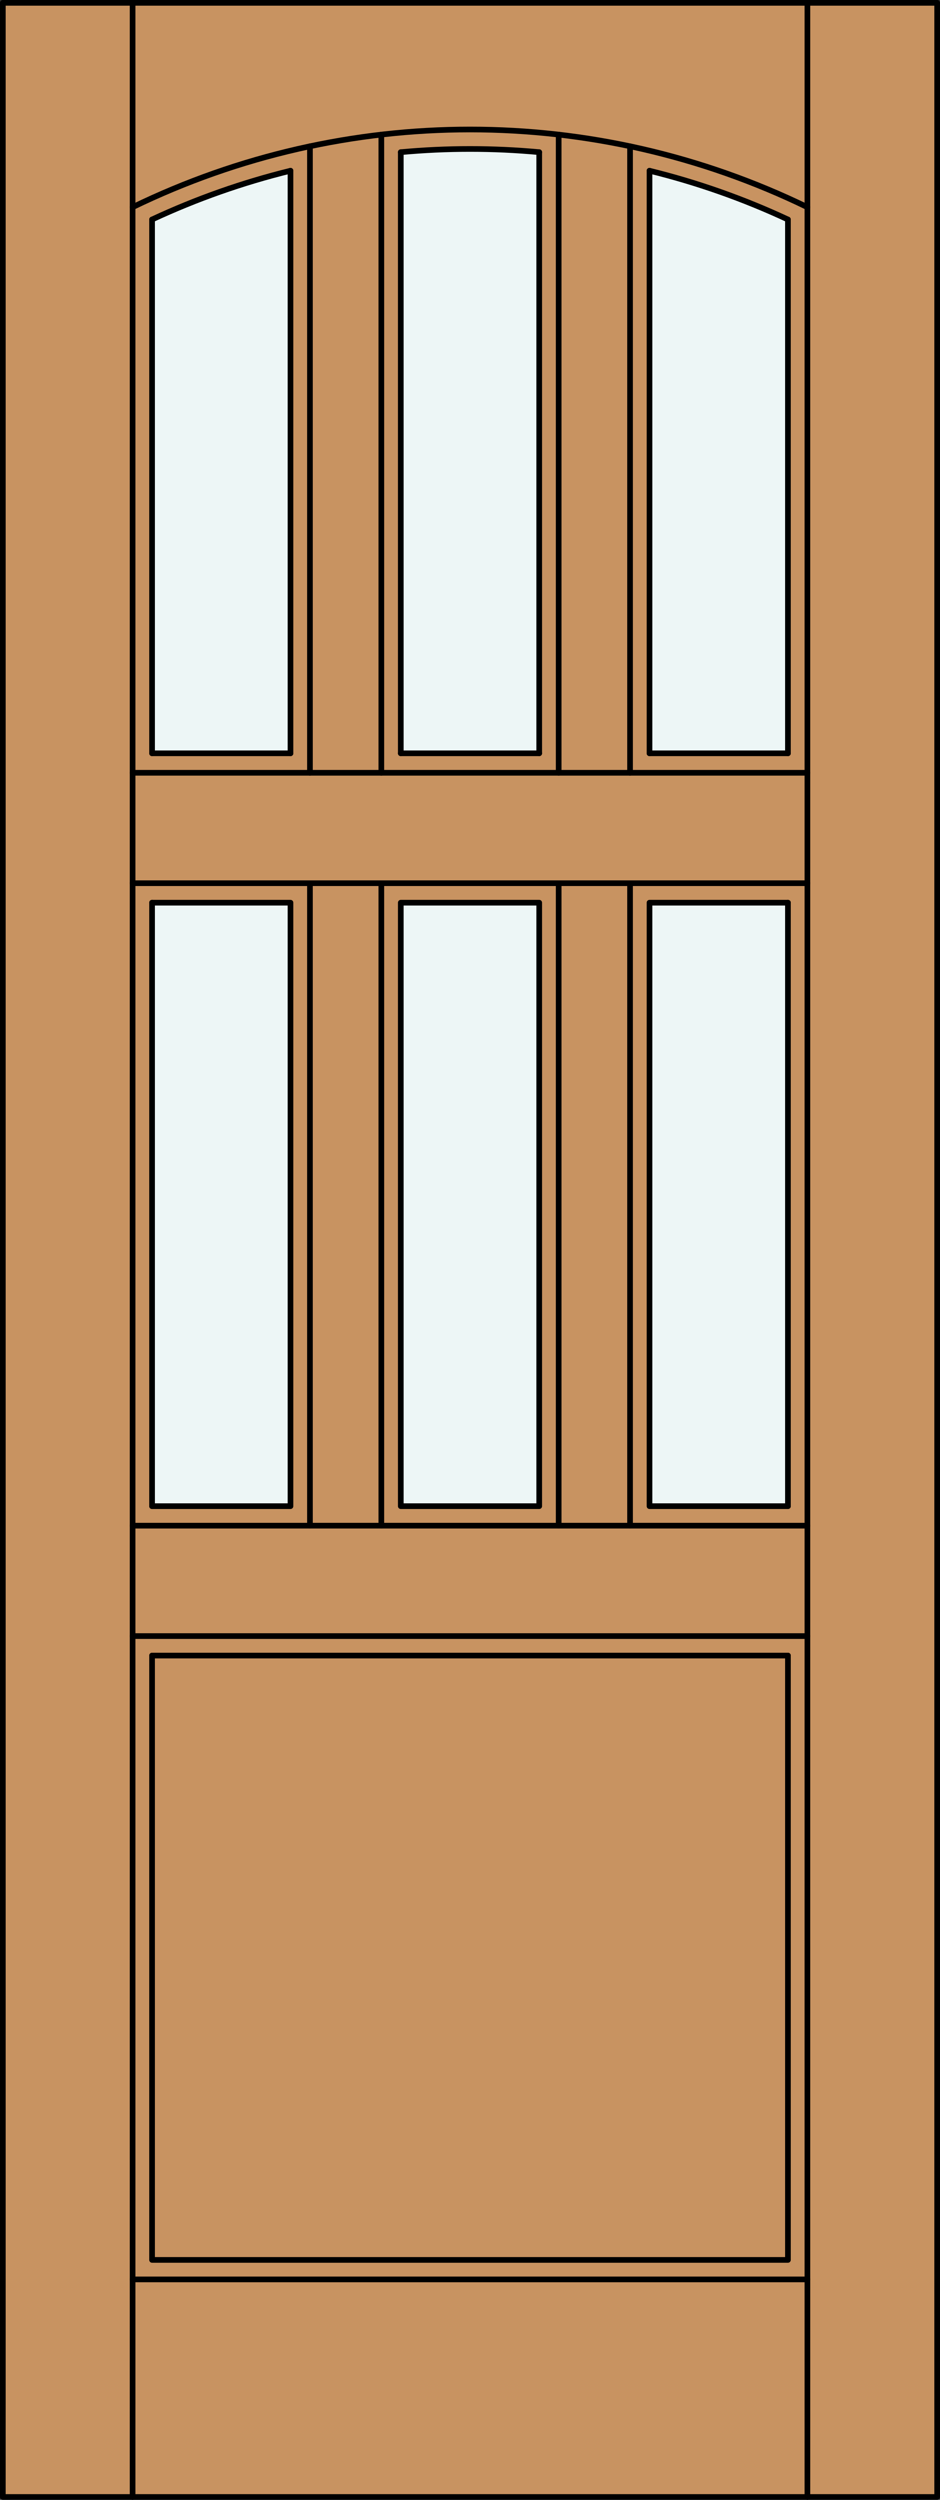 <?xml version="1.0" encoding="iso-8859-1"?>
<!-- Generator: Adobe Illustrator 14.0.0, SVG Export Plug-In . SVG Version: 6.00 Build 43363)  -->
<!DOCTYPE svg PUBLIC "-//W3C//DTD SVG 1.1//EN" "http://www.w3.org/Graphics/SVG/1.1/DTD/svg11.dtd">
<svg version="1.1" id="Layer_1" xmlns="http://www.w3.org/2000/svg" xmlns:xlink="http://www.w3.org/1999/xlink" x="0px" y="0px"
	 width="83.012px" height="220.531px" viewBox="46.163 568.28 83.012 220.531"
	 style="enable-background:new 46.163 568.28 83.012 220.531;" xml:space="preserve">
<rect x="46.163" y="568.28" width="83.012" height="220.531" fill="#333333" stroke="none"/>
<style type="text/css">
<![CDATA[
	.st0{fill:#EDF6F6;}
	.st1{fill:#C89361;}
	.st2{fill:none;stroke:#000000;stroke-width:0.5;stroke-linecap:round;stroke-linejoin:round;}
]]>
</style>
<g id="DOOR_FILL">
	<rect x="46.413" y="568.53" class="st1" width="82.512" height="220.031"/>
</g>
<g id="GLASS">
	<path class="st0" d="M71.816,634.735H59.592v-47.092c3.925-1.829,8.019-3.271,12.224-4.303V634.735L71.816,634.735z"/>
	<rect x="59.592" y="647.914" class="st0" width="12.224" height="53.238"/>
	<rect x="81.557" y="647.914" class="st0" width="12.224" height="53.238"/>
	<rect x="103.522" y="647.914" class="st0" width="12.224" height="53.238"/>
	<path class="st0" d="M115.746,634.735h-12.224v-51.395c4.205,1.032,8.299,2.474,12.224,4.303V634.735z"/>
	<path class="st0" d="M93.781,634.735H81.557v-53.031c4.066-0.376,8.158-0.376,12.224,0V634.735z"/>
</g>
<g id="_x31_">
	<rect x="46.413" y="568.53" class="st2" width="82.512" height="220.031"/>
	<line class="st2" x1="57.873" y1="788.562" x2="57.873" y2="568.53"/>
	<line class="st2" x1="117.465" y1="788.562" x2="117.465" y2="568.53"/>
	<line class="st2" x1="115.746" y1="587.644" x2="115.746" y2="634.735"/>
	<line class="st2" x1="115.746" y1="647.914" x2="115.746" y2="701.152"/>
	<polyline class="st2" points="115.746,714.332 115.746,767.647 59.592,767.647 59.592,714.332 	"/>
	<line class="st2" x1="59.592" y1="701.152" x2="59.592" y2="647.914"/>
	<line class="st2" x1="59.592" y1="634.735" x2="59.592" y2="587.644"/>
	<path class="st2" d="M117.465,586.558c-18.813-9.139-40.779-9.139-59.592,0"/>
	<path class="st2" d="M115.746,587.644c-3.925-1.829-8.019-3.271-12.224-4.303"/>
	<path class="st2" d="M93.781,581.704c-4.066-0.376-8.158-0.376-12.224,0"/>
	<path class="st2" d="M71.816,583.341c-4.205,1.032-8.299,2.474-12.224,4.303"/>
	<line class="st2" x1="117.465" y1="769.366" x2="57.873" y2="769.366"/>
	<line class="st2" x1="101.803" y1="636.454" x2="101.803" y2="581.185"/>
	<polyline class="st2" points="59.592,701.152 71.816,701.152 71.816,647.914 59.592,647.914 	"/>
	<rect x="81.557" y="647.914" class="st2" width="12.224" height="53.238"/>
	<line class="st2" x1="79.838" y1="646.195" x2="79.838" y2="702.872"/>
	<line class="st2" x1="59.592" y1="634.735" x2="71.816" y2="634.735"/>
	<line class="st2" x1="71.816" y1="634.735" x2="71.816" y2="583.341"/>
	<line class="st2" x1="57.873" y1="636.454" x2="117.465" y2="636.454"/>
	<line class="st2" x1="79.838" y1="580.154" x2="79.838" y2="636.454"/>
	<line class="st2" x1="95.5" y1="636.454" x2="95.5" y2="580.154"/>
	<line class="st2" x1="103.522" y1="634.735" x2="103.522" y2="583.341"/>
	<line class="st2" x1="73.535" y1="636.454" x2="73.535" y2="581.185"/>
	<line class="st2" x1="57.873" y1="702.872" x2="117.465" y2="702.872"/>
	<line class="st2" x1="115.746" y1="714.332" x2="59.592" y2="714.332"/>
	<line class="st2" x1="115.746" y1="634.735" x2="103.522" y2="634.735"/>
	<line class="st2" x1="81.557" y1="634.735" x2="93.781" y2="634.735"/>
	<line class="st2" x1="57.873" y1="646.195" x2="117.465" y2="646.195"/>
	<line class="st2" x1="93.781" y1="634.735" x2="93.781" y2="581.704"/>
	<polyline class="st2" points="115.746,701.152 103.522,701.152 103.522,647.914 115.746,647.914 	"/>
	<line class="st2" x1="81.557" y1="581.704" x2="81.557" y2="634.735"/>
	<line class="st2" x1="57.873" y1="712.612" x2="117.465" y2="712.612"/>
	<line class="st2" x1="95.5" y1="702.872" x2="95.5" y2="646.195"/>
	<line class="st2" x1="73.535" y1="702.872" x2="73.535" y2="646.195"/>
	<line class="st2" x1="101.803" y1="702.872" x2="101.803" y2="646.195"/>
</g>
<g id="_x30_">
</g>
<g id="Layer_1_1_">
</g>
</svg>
++++++
WHAT TO WORK ON: Scan the material above for lines that contain the string "style", and copy each such line.

COMPLETED TASK:
	 style="enable-background:new 46.163 568.28 83.012 220.531;" xml:space="preserve">
<style type="text/css">
</style>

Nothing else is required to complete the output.